2. The application according to claim 1, characterized in that, The human sperm function assessment product is used to assess the fertilization capacity of human sperm or to screen for high-quality sperm in assisted reproduction.
3. The application according to claim 1, characterized in that, The relative content of the LYPD4 protein is positively correlated with the hyperactivation rate of human sperm.
4. The application of a sperm protein marker LYPD4 in regulating human sperm function, characterized in that, The LYPD4 is used to positively regulate at least one of the following sperm functions: (1) Sperm motility and forward movement ability; (2) Sperm hyperactivation; (3) Sperm's ability to penetrate mucus; (4) Sperm capacitation.
5. The application according to claim 4, characterized in that, The application is to promote sperm hyperactivation, improve sperm penetration ability through mucus, or enhance sperm capacitation level.
6. The application of a sperm function modulator targeting LYPD4 in drug preparation, characterized in that, The drug is used to improve sperm function or increase the success rate of assisted reproduction.

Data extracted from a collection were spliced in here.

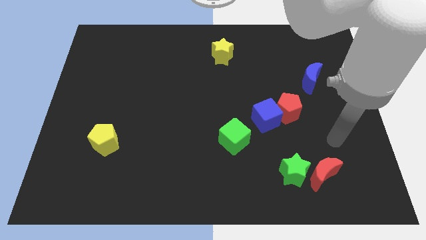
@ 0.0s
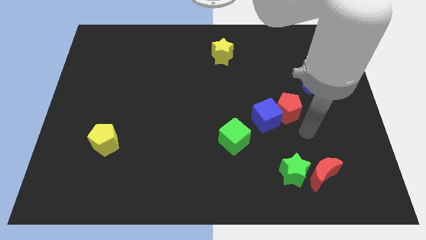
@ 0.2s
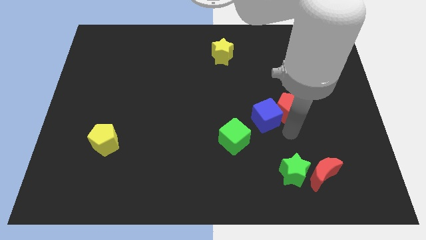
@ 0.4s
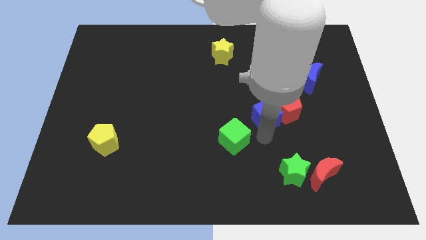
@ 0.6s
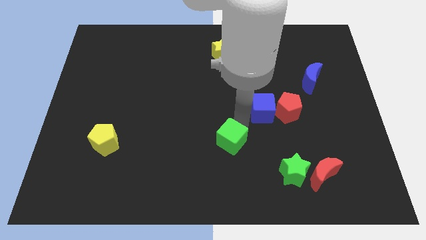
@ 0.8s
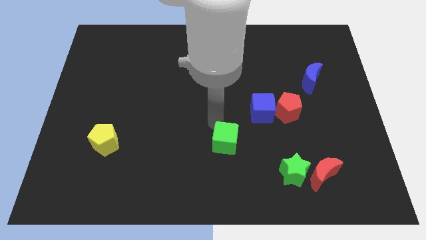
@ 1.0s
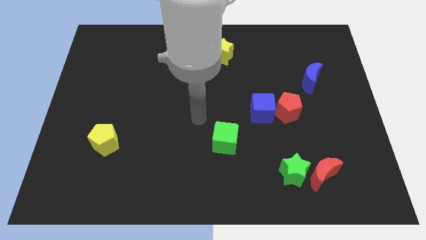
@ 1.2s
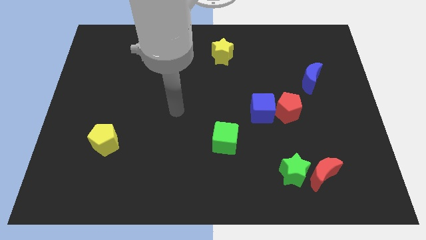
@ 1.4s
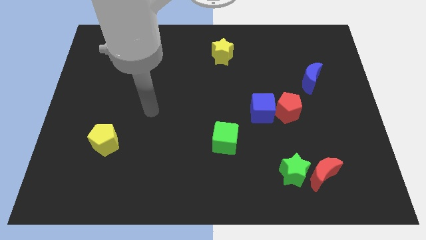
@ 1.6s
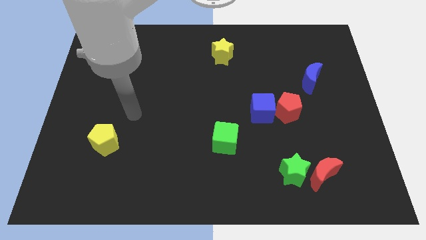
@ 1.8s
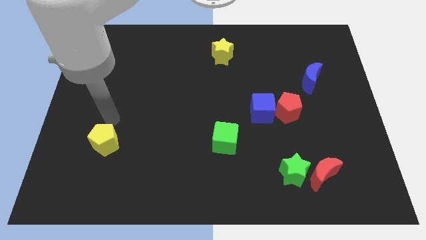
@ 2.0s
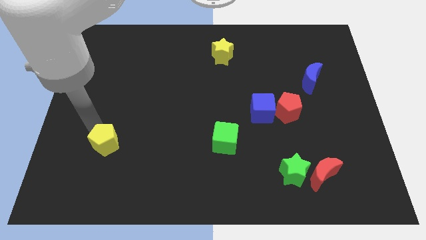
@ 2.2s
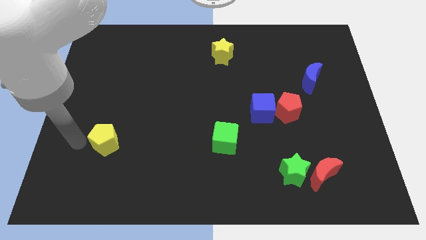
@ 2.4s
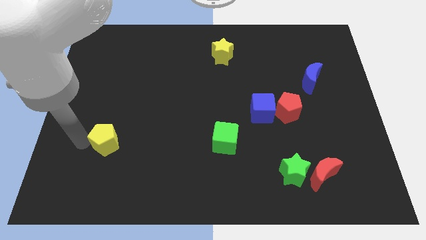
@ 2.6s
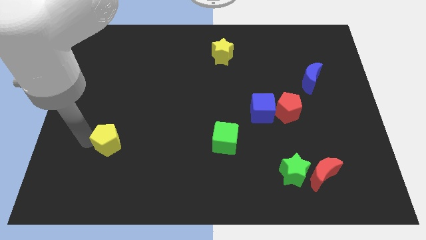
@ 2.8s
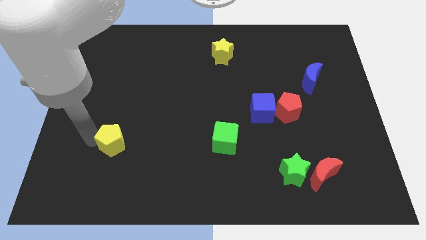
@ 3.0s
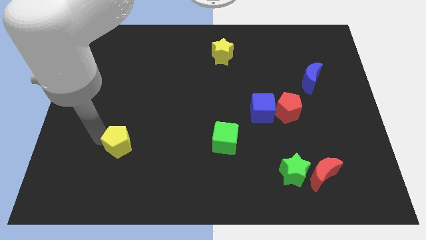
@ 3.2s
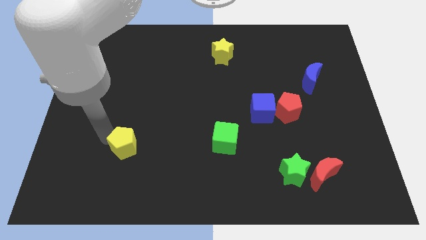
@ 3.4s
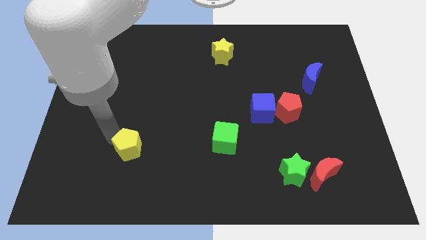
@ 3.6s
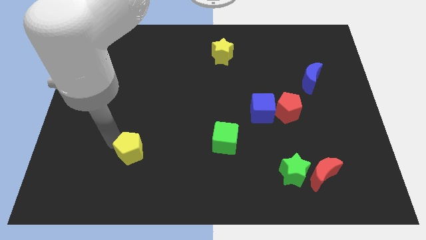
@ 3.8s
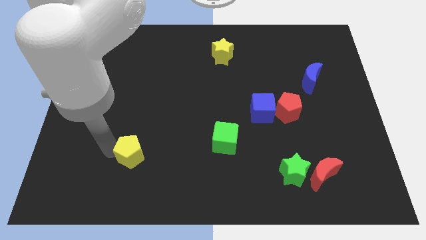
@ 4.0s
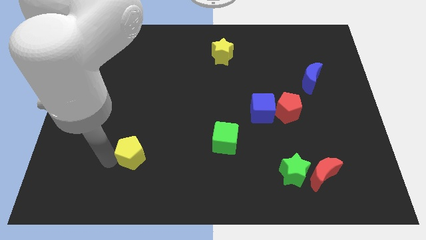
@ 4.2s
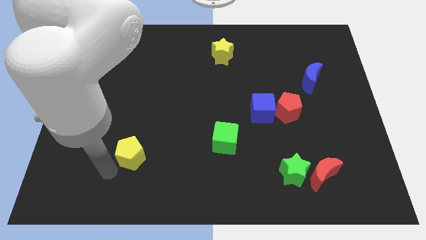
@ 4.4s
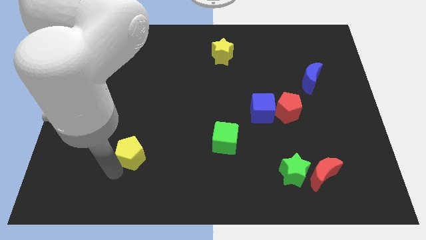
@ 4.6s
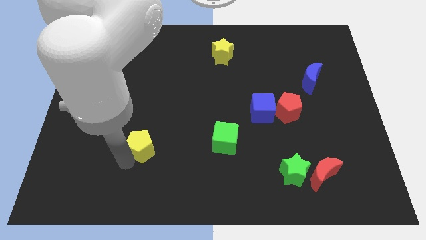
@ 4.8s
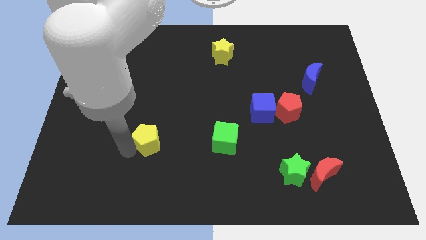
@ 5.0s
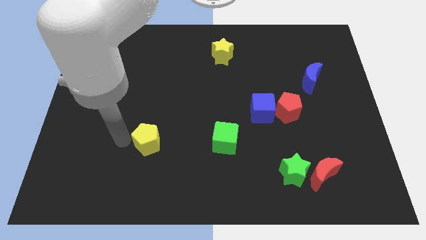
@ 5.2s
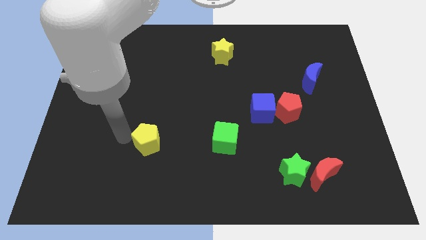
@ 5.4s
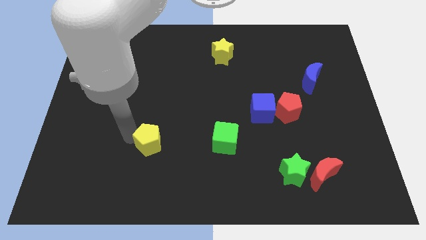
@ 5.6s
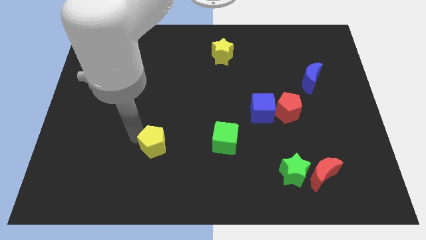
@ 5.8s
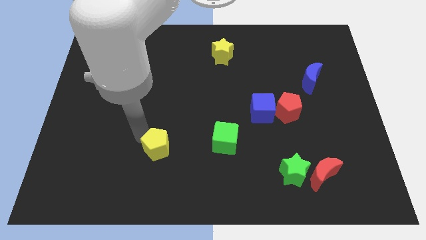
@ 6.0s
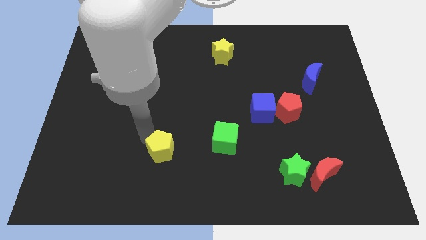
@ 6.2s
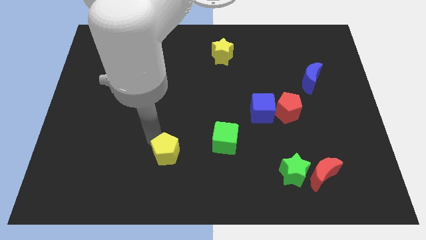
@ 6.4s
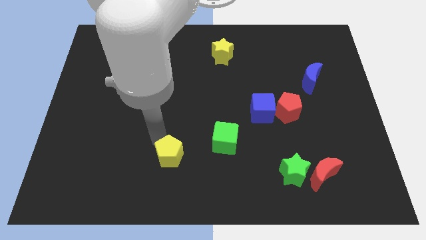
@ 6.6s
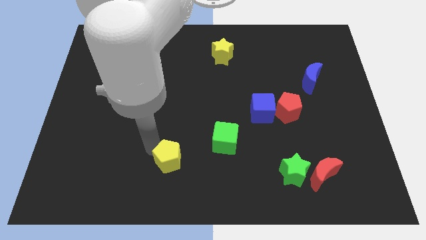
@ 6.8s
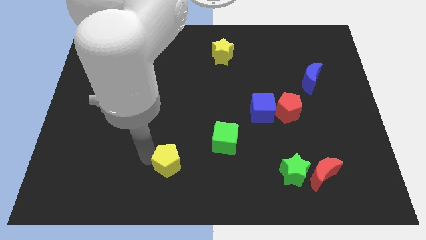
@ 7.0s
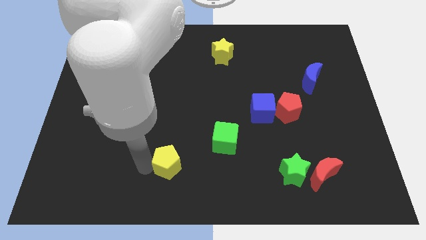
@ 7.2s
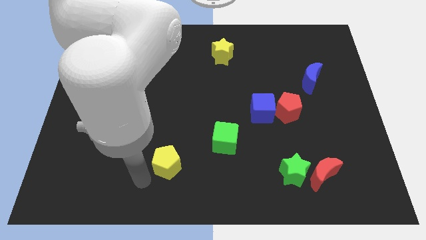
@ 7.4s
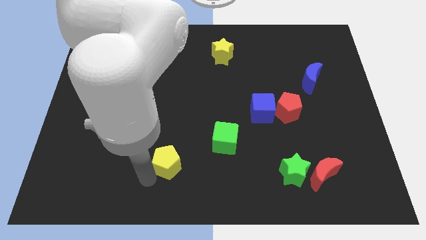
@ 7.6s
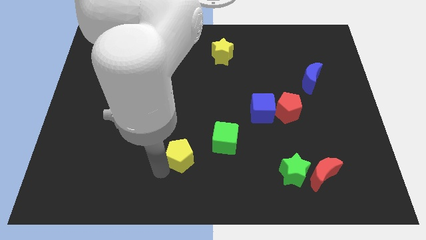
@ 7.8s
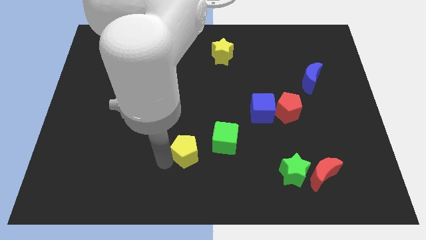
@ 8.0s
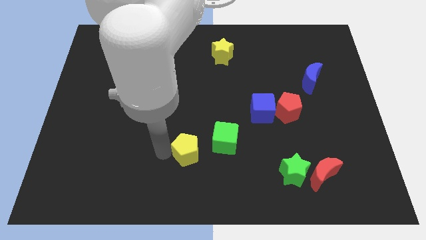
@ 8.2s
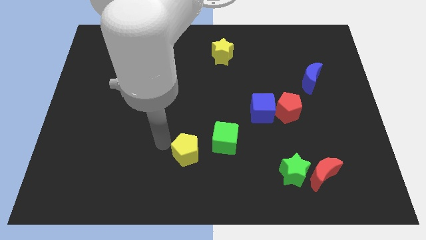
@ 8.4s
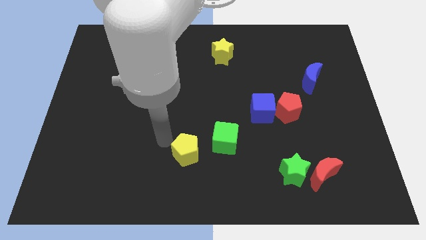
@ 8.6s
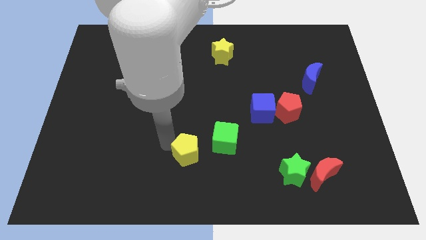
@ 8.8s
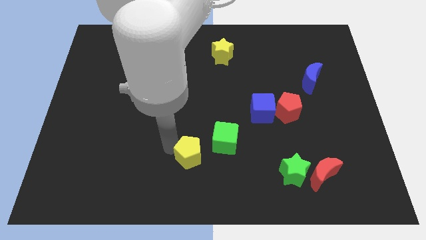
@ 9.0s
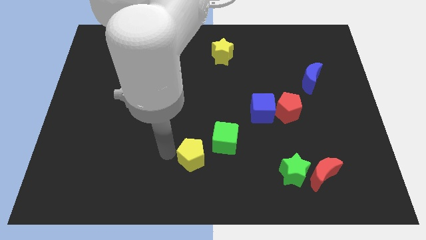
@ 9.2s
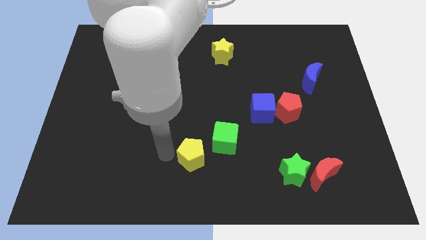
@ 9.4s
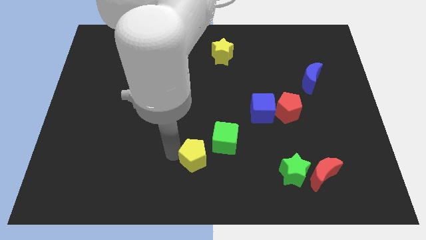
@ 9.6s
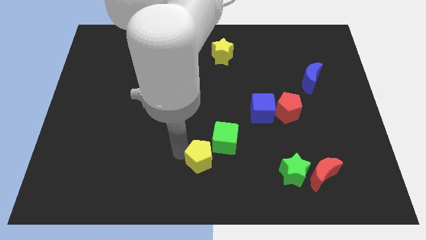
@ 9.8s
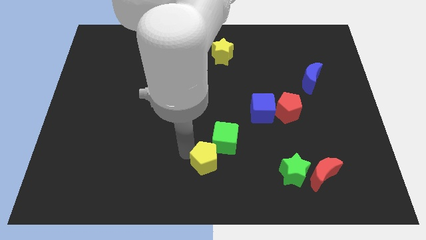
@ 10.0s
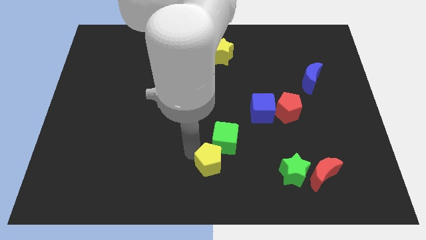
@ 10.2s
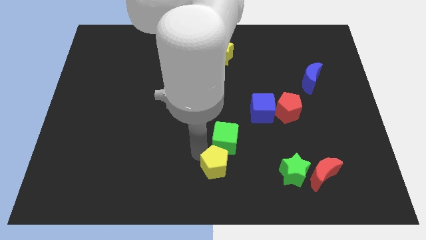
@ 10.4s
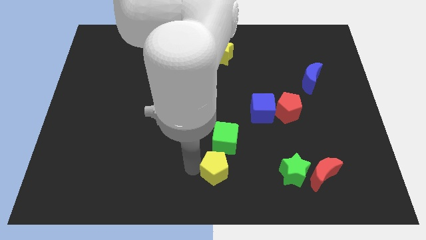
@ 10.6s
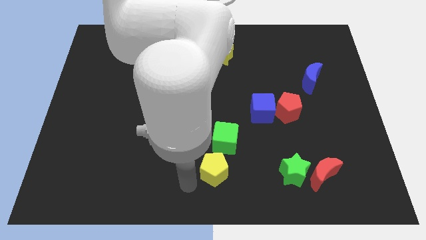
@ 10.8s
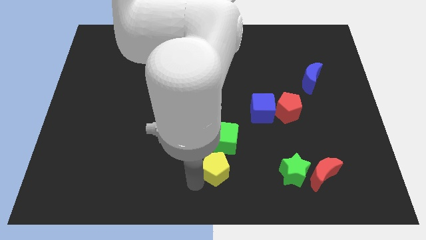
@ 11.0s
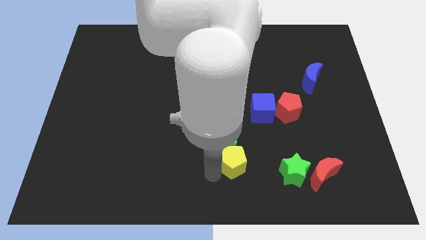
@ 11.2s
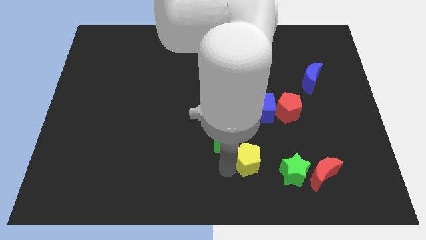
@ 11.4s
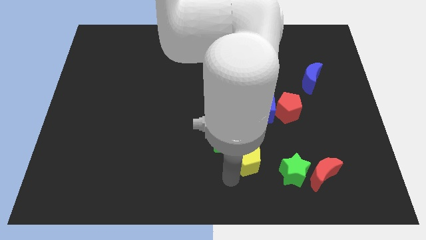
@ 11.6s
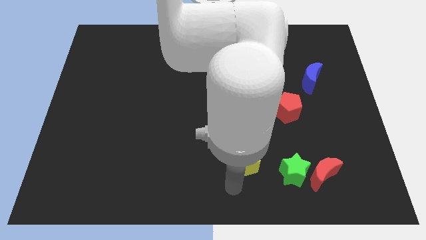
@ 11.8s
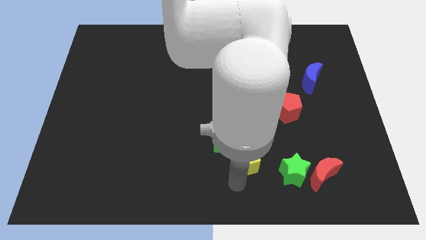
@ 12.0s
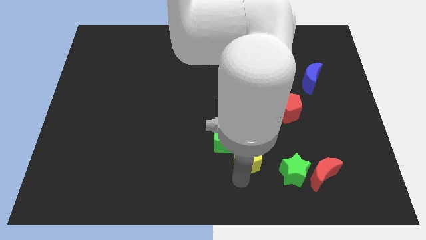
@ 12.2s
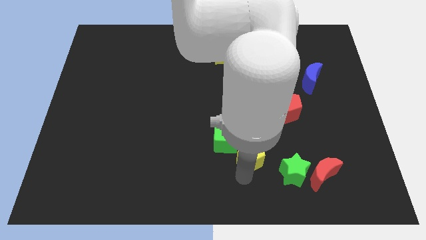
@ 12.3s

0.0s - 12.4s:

7. The application according to claim 6, characterized in that, The sperm function regulator is a reagent that can upregulate LYPD4 expression or enhance LYPD4 function.
8. A human sperm superactivation capacity detection kit, characterized in that, Containing an antibody that specifically recognizes the LYPD4 protein, the kit is used to assess the level of sperm hyperactivation by detecting the relative content of LYPD4 protein in sperm.
9. The reagent kit according to claim 8, characterized in that, The kit is used for sperm screening or sperm quality evaluation in assisted reproduction.